Journal article in Journal of Biomechanics:

How do muscle activations and synergies change when an individual wears an ankle exoskeleton during gait?

Abstract: Exoskeletons have the potential to assist and augment human performance. Understanding how users adapt their movement and neuromuscular control in response to external assistance is important to inform the design of these devices. The aim of this research was to evaluate changes in muscle recruitment and coordination for ten unimpaired individuals walking with an ankle exoskeleton. We evaluated changes in the activity of individual muscles, cocontraction levels, and synergistic patterns of muscle coordination with increasing exoskeleton work and torque.
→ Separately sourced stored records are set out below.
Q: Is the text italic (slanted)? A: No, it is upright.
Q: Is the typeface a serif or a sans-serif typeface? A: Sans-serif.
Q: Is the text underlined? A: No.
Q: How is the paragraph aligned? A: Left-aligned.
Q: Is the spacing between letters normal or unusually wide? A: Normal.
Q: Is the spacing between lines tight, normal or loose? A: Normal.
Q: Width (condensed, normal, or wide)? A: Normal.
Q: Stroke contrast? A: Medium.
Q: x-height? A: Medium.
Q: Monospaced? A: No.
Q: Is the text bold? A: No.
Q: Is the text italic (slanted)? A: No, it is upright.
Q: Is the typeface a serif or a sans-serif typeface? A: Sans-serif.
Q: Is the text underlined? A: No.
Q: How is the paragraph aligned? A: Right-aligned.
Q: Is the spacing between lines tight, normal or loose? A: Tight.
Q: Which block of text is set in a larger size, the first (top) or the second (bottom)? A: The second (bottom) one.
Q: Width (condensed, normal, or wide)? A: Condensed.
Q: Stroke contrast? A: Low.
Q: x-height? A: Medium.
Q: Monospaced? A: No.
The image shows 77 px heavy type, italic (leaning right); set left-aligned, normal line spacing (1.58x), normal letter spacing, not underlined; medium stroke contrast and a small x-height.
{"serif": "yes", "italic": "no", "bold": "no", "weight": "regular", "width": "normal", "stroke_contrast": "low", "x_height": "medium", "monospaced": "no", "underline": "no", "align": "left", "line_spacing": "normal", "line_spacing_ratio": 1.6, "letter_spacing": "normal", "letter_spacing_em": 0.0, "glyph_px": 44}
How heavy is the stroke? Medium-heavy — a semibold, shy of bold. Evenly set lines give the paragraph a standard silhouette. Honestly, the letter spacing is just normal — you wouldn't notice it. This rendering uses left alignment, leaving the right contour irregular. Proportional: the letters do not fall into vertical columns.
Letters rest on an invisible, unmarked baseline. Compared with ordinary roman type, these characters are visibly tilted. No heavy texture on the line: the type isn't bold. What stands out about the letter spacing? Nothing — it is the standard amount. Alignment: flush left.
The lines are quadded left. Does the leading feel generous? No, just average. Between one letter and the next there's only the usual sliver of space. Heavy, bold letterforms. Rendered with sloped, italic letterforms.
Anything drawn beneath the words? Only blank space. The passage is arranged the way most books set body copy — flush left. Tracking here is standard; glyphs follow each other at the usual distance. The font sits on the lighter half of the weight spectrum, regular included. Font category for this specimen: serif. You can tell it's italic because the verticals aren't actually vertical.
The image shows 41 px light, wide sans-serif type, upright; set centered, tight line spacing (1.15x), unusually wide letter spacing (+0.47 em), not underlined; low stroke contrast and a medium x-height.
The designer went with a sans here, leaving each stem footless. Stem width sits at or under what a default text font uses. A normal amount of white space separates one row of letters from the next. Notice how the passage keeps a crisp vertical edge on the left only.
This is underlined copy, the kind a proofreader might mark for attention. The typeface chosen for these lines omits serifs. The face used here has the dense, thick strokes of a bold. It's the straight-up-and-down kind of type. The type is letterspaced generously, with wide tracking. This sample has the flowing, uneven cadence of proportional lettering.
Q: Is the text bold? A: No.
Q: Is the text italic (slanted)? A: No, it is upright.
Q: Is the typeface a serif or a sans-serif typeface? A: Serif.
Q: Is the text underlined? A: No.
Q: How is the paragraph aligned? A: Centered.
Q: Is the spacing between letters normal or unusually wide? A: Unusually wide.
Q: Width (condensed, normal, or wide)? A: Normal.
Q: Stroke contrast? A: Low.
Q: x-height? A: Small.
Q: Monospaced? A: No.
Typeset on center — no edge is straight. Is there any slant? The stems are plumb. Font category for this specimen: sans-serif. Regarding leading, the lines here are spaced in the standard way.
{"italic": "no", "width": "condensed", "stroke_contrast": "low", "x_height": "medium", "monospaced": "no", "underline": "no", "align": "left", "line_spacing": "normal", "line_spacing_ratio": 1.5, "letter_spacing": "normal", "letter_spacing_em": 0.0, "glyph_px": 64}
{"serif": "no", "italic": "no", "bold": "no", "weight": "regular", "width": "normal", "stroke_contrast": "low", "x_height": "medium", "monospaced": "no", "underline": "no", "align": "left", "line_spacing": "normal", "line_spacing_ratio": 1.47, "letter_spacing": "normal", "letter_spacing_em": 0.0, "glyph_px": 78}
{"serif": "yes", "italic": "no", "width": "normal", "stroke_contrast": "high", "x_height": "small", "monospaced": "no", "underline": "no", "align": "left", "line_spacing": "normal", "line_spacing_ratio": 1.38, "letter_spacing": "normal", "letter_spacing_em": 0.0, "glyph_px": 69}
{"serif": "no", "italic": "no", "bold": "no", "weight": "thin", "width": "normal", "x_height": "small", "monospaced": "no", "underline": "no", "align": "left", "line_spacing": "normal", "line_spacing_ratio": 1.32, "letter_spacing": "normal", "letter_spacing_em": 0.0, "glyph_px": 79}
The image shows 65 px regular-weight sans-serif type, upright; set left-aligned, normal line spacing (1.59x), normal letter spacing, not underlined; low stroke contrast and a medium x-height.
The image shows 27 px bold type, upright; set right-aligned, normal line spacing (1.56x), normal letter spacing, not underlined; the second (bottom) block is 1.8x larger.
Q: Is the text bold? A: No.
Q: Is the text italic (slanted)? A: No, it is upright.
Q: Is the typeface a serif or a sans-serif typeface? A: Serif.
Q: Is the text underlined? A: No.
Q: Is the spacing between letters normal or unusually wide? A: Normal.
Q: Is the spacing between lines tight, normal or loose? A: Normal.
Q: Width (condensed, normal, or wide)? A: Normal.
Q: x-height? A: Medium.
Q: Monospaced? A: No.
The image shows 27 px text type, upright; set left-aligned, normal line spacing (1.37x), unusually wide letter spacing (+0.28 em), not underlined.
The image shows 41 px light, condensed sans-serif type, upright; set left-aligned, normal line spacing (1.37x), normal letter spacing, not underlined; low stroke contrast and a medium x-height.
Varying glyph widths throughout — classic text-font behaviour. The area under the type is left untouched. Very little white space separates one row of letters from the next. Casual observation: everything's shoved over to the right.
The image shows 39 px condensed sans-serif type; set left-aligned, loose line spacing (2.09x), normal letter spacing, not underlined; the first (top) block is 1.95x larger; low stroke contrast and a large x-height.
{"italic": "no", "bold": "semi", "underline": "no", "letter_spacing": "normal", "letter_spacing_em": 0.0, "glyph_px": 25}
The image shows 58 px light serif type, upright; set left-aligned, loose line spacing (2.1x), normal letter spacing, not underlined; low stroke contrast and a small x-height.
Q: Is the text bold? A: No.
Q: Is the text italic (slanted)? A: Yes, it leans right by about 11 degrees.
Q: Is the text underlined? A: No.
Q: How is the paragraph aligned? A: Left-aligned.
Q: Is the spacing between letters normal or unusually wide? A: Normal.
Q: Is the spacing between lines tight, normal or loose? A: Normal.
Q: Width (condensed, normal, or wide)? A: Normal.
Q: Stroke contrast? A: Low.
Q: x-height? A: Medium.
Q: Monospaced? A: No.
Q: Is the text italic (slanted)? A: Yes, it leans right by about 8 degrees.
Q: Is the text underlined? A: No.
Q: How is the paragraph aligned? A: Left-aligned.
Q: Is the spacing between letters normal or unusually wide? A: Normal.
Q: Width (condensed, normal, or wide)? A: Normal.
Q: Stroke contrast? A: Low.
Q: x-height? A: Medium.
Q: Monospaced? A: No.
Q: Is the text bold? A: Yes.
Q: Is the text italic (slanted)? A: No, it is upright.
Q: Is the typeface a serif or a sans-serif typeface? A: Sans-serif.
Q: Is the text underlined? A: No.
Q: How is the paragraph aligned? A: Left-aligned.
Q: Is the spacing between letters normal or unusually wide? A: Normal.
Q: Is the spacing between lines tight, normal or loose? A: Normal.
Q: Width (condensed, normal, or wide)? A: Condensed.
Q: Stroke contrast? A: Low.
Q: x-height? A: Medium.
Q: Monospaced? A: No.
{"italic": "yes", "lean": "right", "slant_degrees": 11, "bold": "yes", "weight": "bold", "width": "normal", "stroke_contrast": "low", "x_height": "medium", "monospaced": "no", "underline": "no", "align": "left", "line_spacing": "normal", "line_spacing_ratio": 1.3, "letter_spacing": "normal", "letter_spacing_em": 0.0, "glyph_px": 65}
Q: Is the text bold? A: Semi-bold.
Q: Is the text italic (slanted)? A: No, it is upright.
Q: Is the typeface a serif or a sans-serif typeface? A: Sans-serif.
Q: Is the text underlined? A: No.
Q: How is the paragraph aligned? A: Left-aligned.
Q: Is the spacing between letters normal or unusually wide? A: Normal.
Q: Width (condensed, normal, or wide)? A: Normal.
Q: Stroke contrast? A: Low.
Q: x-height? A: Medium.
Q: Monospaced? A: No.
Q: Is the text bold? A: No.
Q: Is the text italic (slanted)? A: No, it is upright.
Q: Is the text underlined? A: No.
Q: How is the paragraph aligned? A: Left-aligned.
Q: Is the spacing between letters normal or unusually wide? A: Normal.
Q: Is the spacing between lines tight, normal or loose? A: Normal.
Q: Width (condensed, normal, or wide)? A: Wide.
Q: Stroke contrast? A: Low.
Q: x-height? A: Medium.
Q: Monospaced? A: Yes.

Participants were able to selectively reduce activity of the ankle plantarflexors with increasing exoskeleton assistance. Increasing exoskeleton net work resulted in greater reductions in muscle activity than increasing exoskeleton torque. Patterns of muscle coordination were not restricted or constrained to synergistic patterns observed during unassisted walking. While three synergies could describe nearly 95% of the variance in electromyography data during unassisted walking, these same synergies could describe only 85–90% of the variance in muscle activity while walking with the exoskeleton. Synergies calculated with the exoskeleton demonstrated greater changes in synergy weights with increasing exoskeleton work versus greater changes in synergy activations with increasing exoskeleton torque. These results support the theory that unimpaired individuals do not exclusively use central pattern generators or other low-level building blocks to coordinate muscle activity, especially when learning a new task or adapting to external assistance, and demonstrate the potential for using exoskeletons to modulate muscle recruitment and coordination patterns for rehabilitation or performance.Synergy structure and activations had minimal changes with increasing exoskeleton torque.